NewIdeas/FileTypes

This page does not meet our wiki style guidelines. Please help improve this page by cleaning up its formatting.

Note:

This page is primarily intended for developers of Mercurial.

(Please see the current BinaryFiles page for why tracking 'file types' is always a bad idea -mpm)

As mpm has pointed out, the notion of BinaryFiles is problematic. A lot of tools use the "search for NUL" heuristic that Mercurial uses, but there are files for which this does not work and it doesn't really help us select the right merge tool.

As pointers, here are two earlier discussions related to this topic, both concerning handling of character sets:

Some definitions:

A binary file is simply a file whose content bytes must not be altered when it is encoded/decoded to the workspace.
A text file is one that should be subject to newline conversion when encoded/decoded to the workspace. It is also one where in the absence of further specification a line-based diff/merge tool should be used.

The current .hgrc mechanism provides a means to assign an encode/decode tool on the basis of file name matching. This is a fine way to specify default behavior for a large number of files, but we found in OpenCM that there were always exceptions. A particularly unpleasant exceptional case is that XML content written by programs is binary content while XML content written by humans is text content.

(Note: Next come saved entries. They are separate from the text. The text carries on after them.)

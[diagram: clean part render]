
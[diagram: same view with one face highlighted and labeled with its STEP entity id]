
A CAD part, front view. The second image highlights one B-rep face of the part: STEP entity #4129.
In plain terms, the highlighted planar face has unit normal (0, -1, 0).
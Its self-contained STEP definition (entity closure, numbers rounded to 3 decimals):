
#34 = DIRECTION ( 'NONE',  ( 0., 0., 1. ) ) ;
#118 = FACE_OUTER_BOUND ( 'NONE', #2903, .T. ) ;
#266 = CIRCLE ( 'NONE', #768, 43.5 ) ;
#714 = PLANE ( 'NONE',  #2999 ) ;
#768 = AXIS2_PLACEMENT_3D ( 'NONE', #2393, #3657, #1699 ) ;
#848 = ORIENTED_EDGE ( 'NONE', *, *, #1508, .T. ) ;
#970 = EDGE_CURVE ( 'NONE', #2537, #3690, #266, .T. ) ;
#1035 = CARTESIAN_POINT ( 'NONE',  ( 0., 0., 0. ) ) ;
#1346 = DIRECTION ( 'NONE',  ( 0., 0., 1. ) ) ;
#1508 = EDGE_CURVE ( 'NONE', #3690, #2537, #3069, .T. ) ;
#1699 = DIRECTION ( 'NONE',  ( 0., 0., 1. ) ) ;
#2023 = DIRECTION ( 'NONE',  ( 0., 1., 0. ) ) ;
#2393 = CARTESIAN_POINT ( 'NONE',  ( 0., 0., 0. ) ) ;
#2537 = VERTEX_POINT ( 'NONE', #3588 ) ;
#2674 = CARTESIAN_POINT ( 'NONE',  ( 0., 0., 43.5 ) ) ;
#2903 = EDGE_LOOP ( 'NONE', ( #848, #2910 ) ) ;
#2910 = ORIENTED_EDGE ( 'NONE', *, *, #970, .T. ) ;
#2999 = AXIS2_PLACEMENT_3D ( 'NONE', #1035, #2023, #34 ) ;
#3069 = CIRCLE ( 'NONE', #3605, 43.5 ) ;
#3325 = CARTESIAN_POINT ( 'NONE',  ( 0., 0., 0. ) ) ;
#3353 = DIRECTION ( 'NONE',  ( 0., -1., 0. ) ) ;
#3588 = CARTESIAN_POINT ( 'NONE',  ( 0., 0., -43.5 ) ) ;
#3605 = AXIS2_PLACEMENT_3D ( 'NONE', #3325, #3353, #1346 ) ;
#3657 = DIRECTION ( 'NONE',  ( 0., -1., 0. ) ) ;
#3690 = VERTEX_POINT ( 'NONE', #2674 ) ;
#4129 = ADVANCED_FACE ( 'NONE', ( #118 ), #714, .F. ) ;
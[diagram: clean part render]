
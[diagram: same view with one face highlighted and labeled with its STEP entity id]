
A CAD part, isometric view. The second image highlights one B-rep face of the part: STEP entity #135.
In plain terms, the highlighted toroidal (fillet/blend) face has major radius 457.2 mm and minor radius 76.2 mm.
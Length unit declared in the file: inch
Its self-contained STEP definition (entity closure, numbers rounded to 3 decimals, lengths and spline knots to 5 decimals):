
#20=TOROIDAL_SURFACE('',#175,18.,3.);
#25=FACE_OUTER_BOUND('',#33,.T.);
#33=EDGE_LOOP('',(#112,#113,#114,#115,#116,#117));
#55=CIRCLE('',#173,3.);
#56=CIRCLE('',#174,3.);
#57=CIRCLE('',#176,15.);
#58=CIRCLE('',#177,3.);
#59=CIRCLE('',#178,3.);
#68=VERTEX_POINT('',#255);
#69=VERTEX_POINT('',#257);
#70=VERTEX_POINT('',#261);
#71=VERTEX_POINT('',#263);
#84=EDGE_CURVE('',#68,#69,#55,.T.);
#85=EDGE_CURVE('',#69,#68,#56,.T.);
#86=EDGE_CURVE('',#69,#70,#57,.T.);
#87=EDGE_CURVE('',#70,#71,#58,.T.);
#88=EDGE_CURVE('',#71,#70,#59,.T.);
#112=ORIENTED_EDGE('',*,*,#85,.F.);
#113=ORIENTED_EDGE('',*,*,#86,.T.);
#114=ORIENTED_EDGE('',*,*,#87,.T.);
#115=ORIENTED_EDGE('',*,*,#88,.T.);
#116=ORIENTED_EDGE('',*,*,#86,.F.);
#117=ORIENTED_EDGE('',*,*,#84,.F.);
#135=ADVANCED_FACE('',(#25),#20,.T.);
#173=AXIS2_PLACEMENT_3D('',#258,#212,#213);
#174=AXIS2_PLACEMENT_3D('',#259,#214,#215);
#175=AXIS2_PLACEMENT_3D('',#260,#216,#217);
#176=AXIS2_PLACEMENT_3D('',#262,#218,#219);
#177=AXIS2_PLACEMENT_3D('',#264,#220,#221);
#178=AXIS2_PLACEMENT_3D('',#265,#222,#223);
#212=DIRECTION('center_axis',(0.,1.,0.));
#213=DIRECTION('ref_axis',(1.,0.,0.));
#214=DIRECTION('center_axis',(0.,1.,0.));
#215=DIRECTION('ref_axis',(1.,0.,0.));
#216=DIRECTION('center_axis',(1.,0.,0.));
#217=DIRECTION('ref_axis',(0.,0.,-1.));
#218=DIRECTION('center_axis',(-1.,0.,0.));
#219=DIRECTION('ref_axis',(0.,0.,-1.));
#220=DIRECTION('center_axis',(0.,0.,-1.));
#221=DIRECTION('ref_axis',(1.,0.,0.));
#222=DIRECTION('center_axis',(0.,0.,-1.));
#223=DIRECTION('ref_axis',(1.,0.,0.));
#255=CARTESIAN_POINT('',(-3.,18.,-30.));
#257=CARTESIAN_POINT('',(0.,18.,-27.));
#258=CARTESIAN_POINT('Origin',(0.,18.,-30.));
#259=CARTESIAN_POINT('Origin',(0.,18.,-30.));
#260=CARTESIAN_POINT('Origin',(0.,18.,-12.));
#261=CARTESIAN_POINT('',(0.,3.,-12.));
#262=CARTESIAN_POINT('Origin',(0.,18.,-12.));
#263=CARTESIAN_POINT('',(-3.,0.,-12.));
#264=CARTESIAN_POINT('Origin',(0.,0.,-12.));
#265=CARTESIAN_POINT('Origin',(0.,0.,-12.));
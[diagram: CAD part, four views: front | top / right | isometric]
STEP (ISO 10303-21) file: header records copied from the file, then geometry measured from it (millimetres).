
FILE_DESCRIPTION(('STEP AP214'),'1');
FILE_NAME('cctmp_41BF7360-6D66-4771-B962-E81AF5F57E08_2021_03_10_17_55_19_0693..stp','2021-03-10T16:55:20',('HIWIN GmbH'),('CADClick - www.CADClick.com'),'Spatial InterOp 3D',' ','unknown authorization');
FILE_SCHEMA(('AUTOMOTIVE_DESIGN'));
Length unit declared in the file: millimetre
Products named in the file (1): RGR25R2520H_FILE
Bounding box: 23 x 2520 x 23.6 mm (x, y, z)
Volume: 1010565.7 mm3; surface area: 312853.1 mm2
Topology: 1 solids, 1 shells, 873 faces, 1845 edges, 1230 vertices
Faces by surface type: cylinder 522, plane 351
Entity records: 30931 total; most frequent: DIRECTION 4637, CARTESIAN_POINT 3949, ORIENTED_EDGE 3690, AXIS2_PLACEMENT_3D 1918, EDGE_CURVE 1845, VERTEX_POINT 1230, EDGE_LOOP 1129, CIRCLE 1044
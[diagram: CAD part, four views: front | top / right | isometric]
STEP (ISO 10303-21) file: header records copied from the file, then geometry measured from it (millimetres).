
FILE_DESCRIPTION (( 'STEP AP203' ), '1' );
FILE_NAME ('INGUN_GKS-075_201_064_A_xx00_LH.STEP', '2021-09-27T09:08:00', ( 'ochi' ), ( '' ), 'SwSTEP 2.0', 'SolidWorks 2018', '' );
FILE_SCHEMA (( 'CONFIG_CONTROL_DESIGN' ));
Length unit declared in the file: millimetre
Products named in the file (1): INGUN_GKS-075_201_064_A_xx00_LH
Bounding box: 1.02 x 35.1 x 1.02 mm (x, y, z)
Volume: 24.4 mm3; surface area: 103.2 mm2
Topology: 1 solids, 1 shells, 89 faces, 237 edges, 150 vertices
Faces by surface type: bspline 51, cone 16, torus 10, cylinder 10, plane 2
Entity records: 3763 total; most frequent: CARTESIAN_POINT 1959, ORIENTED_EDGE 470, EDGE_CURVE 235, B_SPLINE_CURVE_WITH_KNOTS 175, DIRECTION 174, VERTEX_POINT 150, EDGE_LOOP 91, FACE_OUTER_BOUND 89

Our plan in OpenCM was to record an (optionally specified) notion of type for each file in the manifest. A type is simply a unique name -- it has no intrinsic semantics. Other tools, including the encode/decode tools and the merge tools, can find out what the type name is and use that information to decide how to process the file. In the absence of an explicitly specified type, heuristics similar to the ones currently used in .hgrc can be applied, with the 'check for NUL' test providing an ultimate fallback to binary.

In the context of Mercurial, this would imply some minor changes. I think they can be done backwards compatibly:

A mechanism needs to be added by which a user can specify the type of a given file explicitly. This should be optional.
The glob matching in .hgrc should be used to map to a type name, not to an encode/decode handler.
There should be a [types] section that specifies, for each type, what tool(s) should be used to encode, decode, and merge that type. The best way to achieve this given the current Mercurial design is probably to modify the invocation of hgmerge to provide the type names in addition to the file names that are to be merged. Interpretation of these type names is left to the hgmerge tool. However, the encode/decode logic can sensibly be determined from the type name much as it is derived from the glob patterns now.
The type names 'binary' and 'text' should be reserved as common fall back cases.
Hgmerge should exhibit well-specified failure behavior when asked to merge two files of incompatible type.
The default hgmerge should issue some sensible complaint when asked to handle type(s) that it does not recognize.

So here is a specific proposal to serve as a starting point of discussion:

There should be a means to specify a per-file typename.
In the absence of a specified type, heuristics in .hgrc are applied to determine the type.
If that does not resolve type, the current NUL check is used, resulting in one of the types binary or text.
Type names should be passed to hgmerge.
Selection of encode/decode strategy should be based on the type name, not the GLOB match.